L’applicazione dell’articolo 64 della legge n. 218/1995 sul riconoscimento delle sentenze straniere e i problemi interpretativi collegati sono stati oggetto della sentenza delle Sezioni Unite della Corte di Cassazione, n. 18199 depositata il 26 giugno (18199). La vicenda era stata rimessa dalla prima sezione civile che aveva chiesto di chiarire “se, nell’ambito di un giudizio di riconoscimento, in Italia, dell’efficacia di una sentenza straniera, la parte ivi convenuta, che si sia ritualmente costituita nel giudizio svoltosi innanzi al giudice a quo senza sollevare, in quella sede, alcuna eccezione circa la carenza della “competenza giurisdizionale” di quest’ultimo, possa ancora formulare una siffatta eccezione innanzi al giudice della invocata delibazione oppure se la stessa possa essere sollevata d’ufficio da quest’ultimo”.
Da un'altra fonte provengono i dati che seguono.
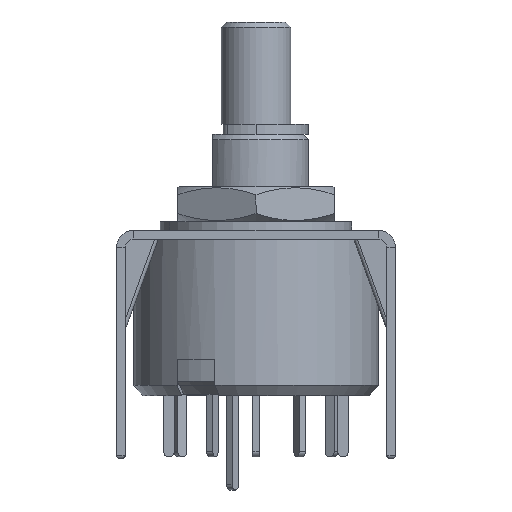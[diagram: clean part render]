
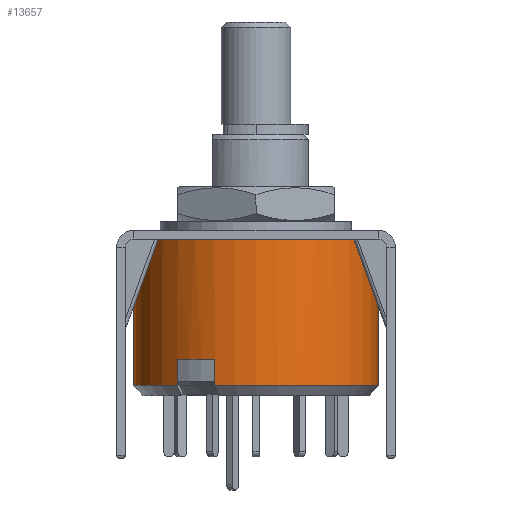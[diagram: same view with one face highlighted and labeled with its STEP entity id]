
A CAD part, front view. The second image highlights one B-rep face of the part: STEP entity #13657.
In plain terms, the highlighted cylindrical face has radius 7 mm (diameter 14 mm), a partial arc.
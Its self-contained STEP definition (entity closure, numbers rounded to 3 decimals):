
#7 = CYLINDRICAL_SURFACE ( 'NONE', #5762, 7. ) ;
#107 = CARTESIAN_POINT ( 'NONE',  ( 7., 0., 0.95 ) ) ;
#126 = CARTESIAN_POINT ( 'NONE',  ( 0., 0., -7.4 ) ) ;
#187 = DIRECTION ( 'NONE',  ( 1., 0., 0. ) ) ;
#319 = CARTESIAN_POINT ( 'NONE',  ( -7., 0., 0.95 ) ) ;
#675 = LINE ( 'NONE', #14980, #15423 ) ;
#1239 = ORIENTED_EDGE ( 'NONE', *, *, #10494, .T. ) ;
#1516 = ORIENTED_EDGE ( 'NONE', *, *, #11994, .T. ) ;
#1807 = CARTESIAN_POINT ( 'NONE',  ( -4.526, -5.34, -7.4 ) ) ;
#1810 = LINE ( 'NONE', #13042, #11577 ) ;
#2029 = CARTESIAN_POINT ( 'NONE',  ( 7., 0., -7.4 ) ) ;
#2124 = ORIENTED_EDGE ( 'NONE', *, *, #8483, .F. ) ;
#3073 = DIRECTION ( 'NONE',  ( -1., 0., 0. ) ) ;
#3115 = EDGE_CURVE ( 'NONE', #4295, #12459, #13627, .T. ) ;
#3489 = DIRECTION ( 'NONE',  ( 0., 0., -1. ) ) ;
#3600 = CIRCLE ( 'NONE', #3997, 7. ) ;
#3840 = VERTEX_POINT ( 'NONE', #8651 ) ;
#3997 = AXIS2_PLACEMENT_3D ( 'NONE', #14774, #12086, #187 ) ;
#4077 = CIRCLE ( 'NONE', #15651, 7. ) ;
#4207 = LINE ( 'NONE', #8425, #15242 ) ;
#4295 = VERTEX_POINT ( 'NONE', #319 ) ;
#4930 = EDGE_CURVE ( 'NONE', #12535, #11487, #675, .T. ) ;
#4940 = DIRECTION ( 'NONE',  ( 0., 0., -1. ) ) ;
#4986 = AXIS2_PLACEMENT_3D ( 'NONE', #15904, #14640, #15734 ) ;
#4988 = DIRECTION ( 'NONE',  ( 0., 0., -1. ) ) ;
#5762 = AXIS2_PLACEMENT_3D ( 'NONE', #13610, #14942, #3073 ) ;
#6288 = CIRCLE ( 'NONE', #9082, 7. ) ;
#6675 = EDGE_LOOP ( 'NONE', ( #14948, #1239, #14768, #14221, #1516, #13785, #13495, #2124 ) ) ;
#8084 = VERTEX_POINT ( 'NONE', #1807 ) ;
#8152 = VECTOR ( 'NONE', #3489, 1000. ) ;
#8425 = CARTESIAN_POINT ( 'NONE',  ( -4.526, -5.34, 9. ) ) ;
#8483 = EDGE_CURVE ( 'NONE', #11487, #14828, #4077, .T. ) ;
#8651 = CARTESIAN_POINT ( 'NONE',  ( -4.526, -5.34, -5.9 ) ) ;
#9082 = AXIS2_PLACEMENT_3D ( 'NONE', #15584, #4988, #12973 ) ;
#9369 = CIRCLE ( 'NONE', #4986, 7. ) ;
#9381 = DIRECTION ( 'NONE',  ( 1., 0., 0. ) ) ;
#9447 = DIRECTION ( 'NONE',  ( 0., 0., -1. ) ) ;
#9707 = VERTEX_POINT ( 'NONE', #13395 ) ;
#10494 = EDGE_CURVE ( 'NONE', #12535, #4295, #6288, .T. ) ;
#11319 = EDGE_CURVE ( 'NONE', #8084, #12459, #3600, .T. ) ;
#11487 = VERTEX_POINT ( 'NONE', #2029 ) ;
#11577 = VECTOR ( 'NONE', #4940, 1000. ) ;
#11994 = EDGE_CURVE ( 'NONE', #8084, #3840, #4207, .T. ) ;
#12086 = DIRECTION ( 'NONE',  ( 0., 0., -1. ) ) ;
#12410 = EDGE_CURVE ( 'NONE', #3840, #9707, #9369, .T. ) ;
#12459 = VERTEX_POINT ( 'NONE', #13066 ) ;
#12535 = VERTEX_POINT ( 'NONE', #107 ) ;
#12661 = CARTESIAN_POINT ( 'NONE',  ( -7., 0., 9. ) ) ;
#12973 = DIRECTION ( 'NONE',  ( -1., 0., 0. ) ) ;
#13042 = CARTESIAN_POINT ( 'NONE',  ( -2.361, -6.59, 9. ) ) ;
#13066 = CARTESIAN_POINT ( 'NONE',  ( -7., 0., -7.4 ) ) ;
#13106 = FACE_OUTER_BOUND ( 'NONE', #6675, .T. ) ;
#13395 = CARTESIAN_POINT ( 'NONE',  ( -2.361, -6.59, -5.9 ) ) ;
#13495 = ORIENTED_EDGE ( 'NONE', *, *, #15768, .T. ) ;
#13610 = CARTESIAN_POINT ( 'NONE',  ( 0., 0., 9. ) ) ;
#13627 = LINE ( 'NONE', #12661, #8152 ) ;
#13657 = ADVANCED_FACE ( 'NONE', ( #13106 ), #7, .T. ) ;
#13705 = DIRECTION ( 'NONE',  ( 0., 0., -1. ) ) ;
#13785 = ORIENTED_EDGE ( 'NONE', *, *, #12410, .T. ) ;
#14221 = ORIENTED_EDGE ( 'NONE', *, *, #11319, .F. ) ;
#14640 = DIRECTION ( 'NONE',  ( 0., 0., 1. ) ) ;
#14768 = ORIENTED_EDGE ( 'NONE', *, *, #3115, .T. ) ;
#14774 = CARTESIAN_POINT ( 'NONE',  ( 0., 0., -7.4 ) ) ;
#14828 = VERTEX_POINT ( 'NONE', #16032 ) ;
#14888 = DIRECTION ( 'NONE',  ( 0., 0., 1. ) ) ;
#14942 = DIRECTION ( 'NONE',  ( 0., 0., -1. ) ) ;
#14948 = ORIENTED_EDGE ( 'NONE', *, *, #4930, .F. ) ;
#14980 = CARTESIAN_POINT ( 'NONE',  ( 7., 0., 9. ) ) ;
#15242 = VECTOR ( 'NONE', #14888, 1000. ) ;
#15423 = VECTOR ( 'NONE', #13705, 1000. ) ;
#15584 = CARTESIAN_POINT ( 'NONE',  ( 0., 0., 0.95 ) ) ;
#15651 = AXIS2_PLACEMENT_3D ( 'NONE', #126, #9447, #9381 ) ;
#15734 = DIRECTION ( 'NONE',  ( -1., 0., 0. ) ) ;
#15768 = EDGE_CURVE ( 'NONE', #9707, #14828, #1810, .T. ) ;
#15904 = CARTESIAN_POINT ( 'NONE',  ( 0., 0., -5.9 ) ) ;
#16032 = CARTESIAN_POINT ( 'NONE',  ( -2.361, -6.59, -7.4 ) ) ;

La vicenda riguardava una donna che aveva chiesto un accertamento dei requisiti di riconoscimento di una sentenza pronunciata in Russia relativa all’affidamento dei due figli nati da una relazione con un cittadino italiano. La Corte di appello di Bologna aveva respinto la richiesta ritenendo che la competenza non fosse del giudice russo in quanto la residenza abituale dei minori non era in Russia, bensì in Italia. Così, la donna si è rivolta alla Cassazione. Per le Sezioni Unite, va applicata la Convenzione dell’Aja del 18 ottobre 1996 sulla competenza, la legge applicabile, il riconoscimento, l’esecuzione e la cooperazione in materia di responsabilità genitoriale e di misure di protezione dei minori, a cui fa rinvio l’articolo 42 della legge n. 218. Per la Suprema Corte, l’articolo 24 della Convenzione chiarisce che la legge dello Stato richiesto per il riconoscimento trova applicazione solo per le norme che disciplinano la procedura mentre, per le altre condizioni, si applica la disciplina convenzionale che non prevede, contrariamente all’articolo 64 della legge n. 218, requisiti costitutivi di efficacia.
Pertanto, alla luce di quanto detto la Cassazione ha enunciato il principio di diritto in base al quale “le condizioni sostanziali di riconoscimento delle misure di protezione dei minori disposte dalla giurisdizione straniera risultano fissate dall’art. 23 della detta Convenzione, e non dall’art. 64 legge n. 218 del 1995, mentre il procedimento del riconoscimento innanzi al giudice italiano resta disciplinato, come previsto dall’art. 24 della medesima Convenzione, dalla legge italiana”.